Sentencia del ‘caso Filesa’: El Tribunal Supremo acredita que hubo financiación ilegal del PSOE condenando a Sala y a Navarro

HECHOS

El 28.10.1997 se hizo pública la sentencia del ‘caso Filesa’ por parte de la Sala Segunda del Tribunal Supremo formada por los jueces D. José Augusto de Vega (presidente y ponente), D. Ramón Montero y D. Luis Román Puerta.

La sentencia del Supremo acredita que se crearon sociedades como Filesa o Time Export con el objetivo de recaudar para el PSOE por encima de los límites de la ley las donaciones de empresas y bancos, entre ellas las campañas electorales del año 1989 (Europeas y Generales).

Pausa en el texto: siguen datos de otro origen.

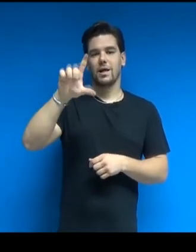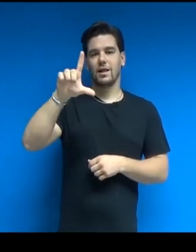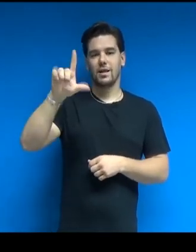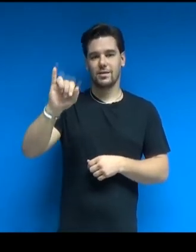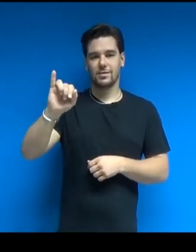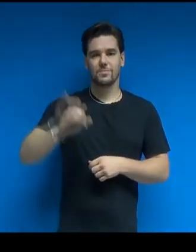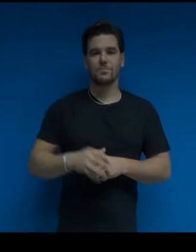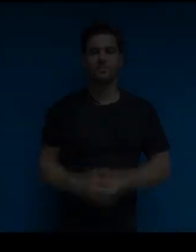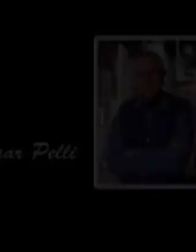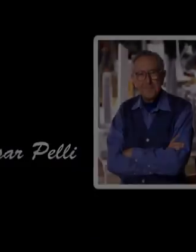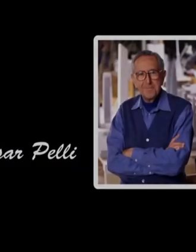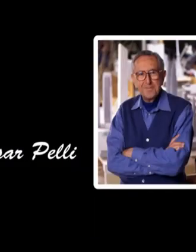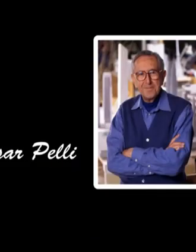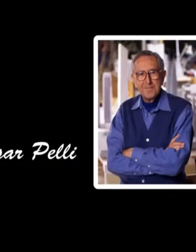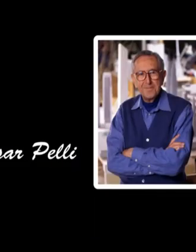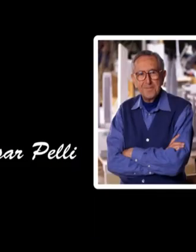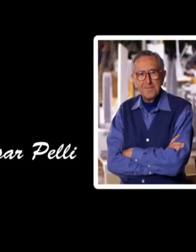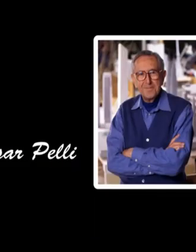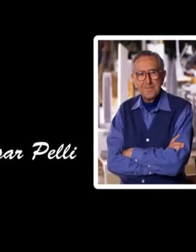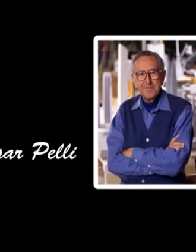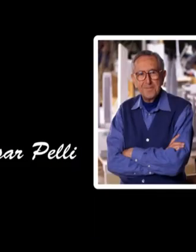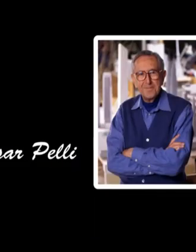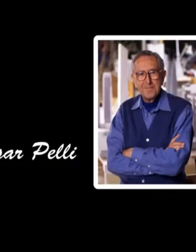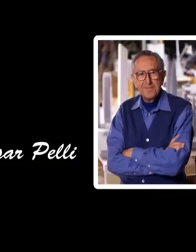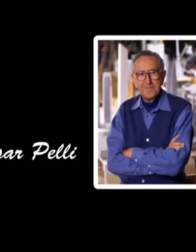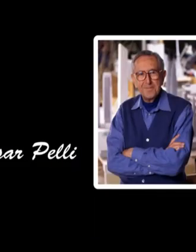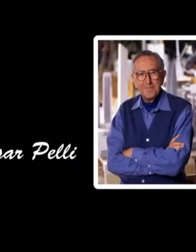Aulenti, è l'argentino Cesar Pelli.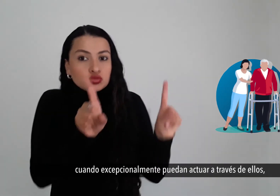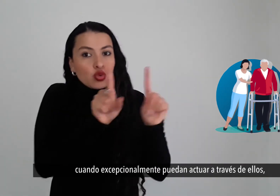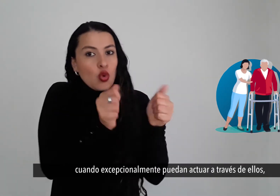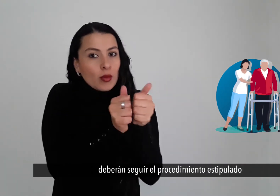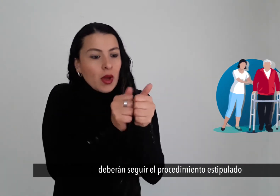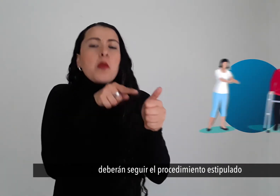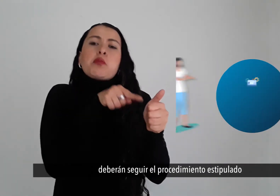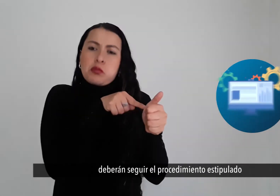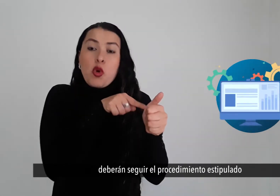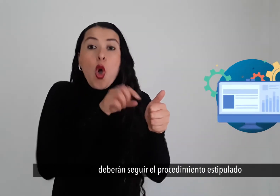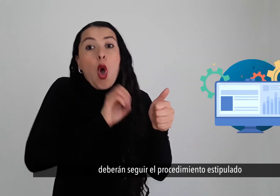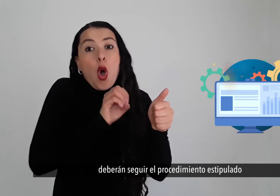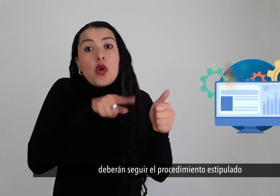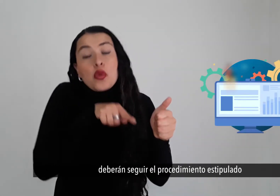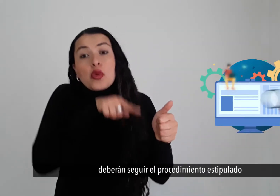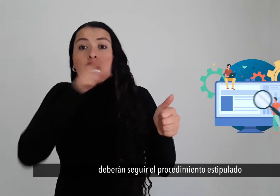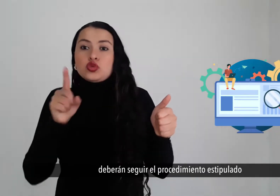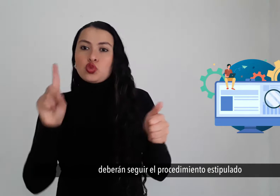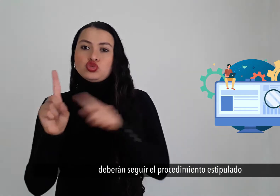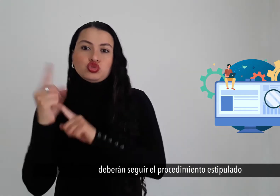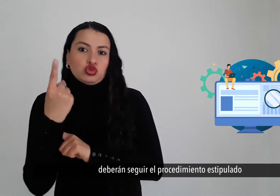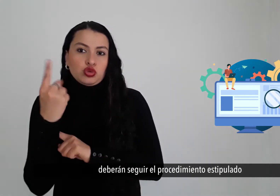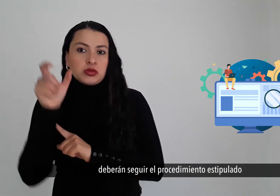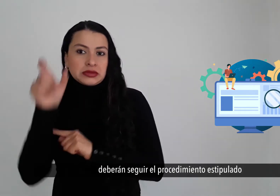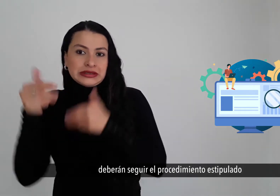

La captación de dinero ilegal se produjo con D. Felipe González como Secretario General, aunque en aquel momento su dedicación a labores del partido era escasa por compatibilizar el cargo con el de presidente del Gobierno. Más responsabilidad política directa correspondería, por tanto, a quienes controlaban el partido, el llamado ‘aparato guerrista’ que encabezaban D. Alfonso Guerra como Vicesecretario, D. José María Benegas ‘Txiki’ como Secretario de Organización y, principalmente, D. Guillermo Galeote, que era el Secretario de Finanzas en el momento en el que se produjo la captación de dinero y que dimitió de todos sus cargos en abril de 1993 y se retiró de la vida pública ante el escándalo.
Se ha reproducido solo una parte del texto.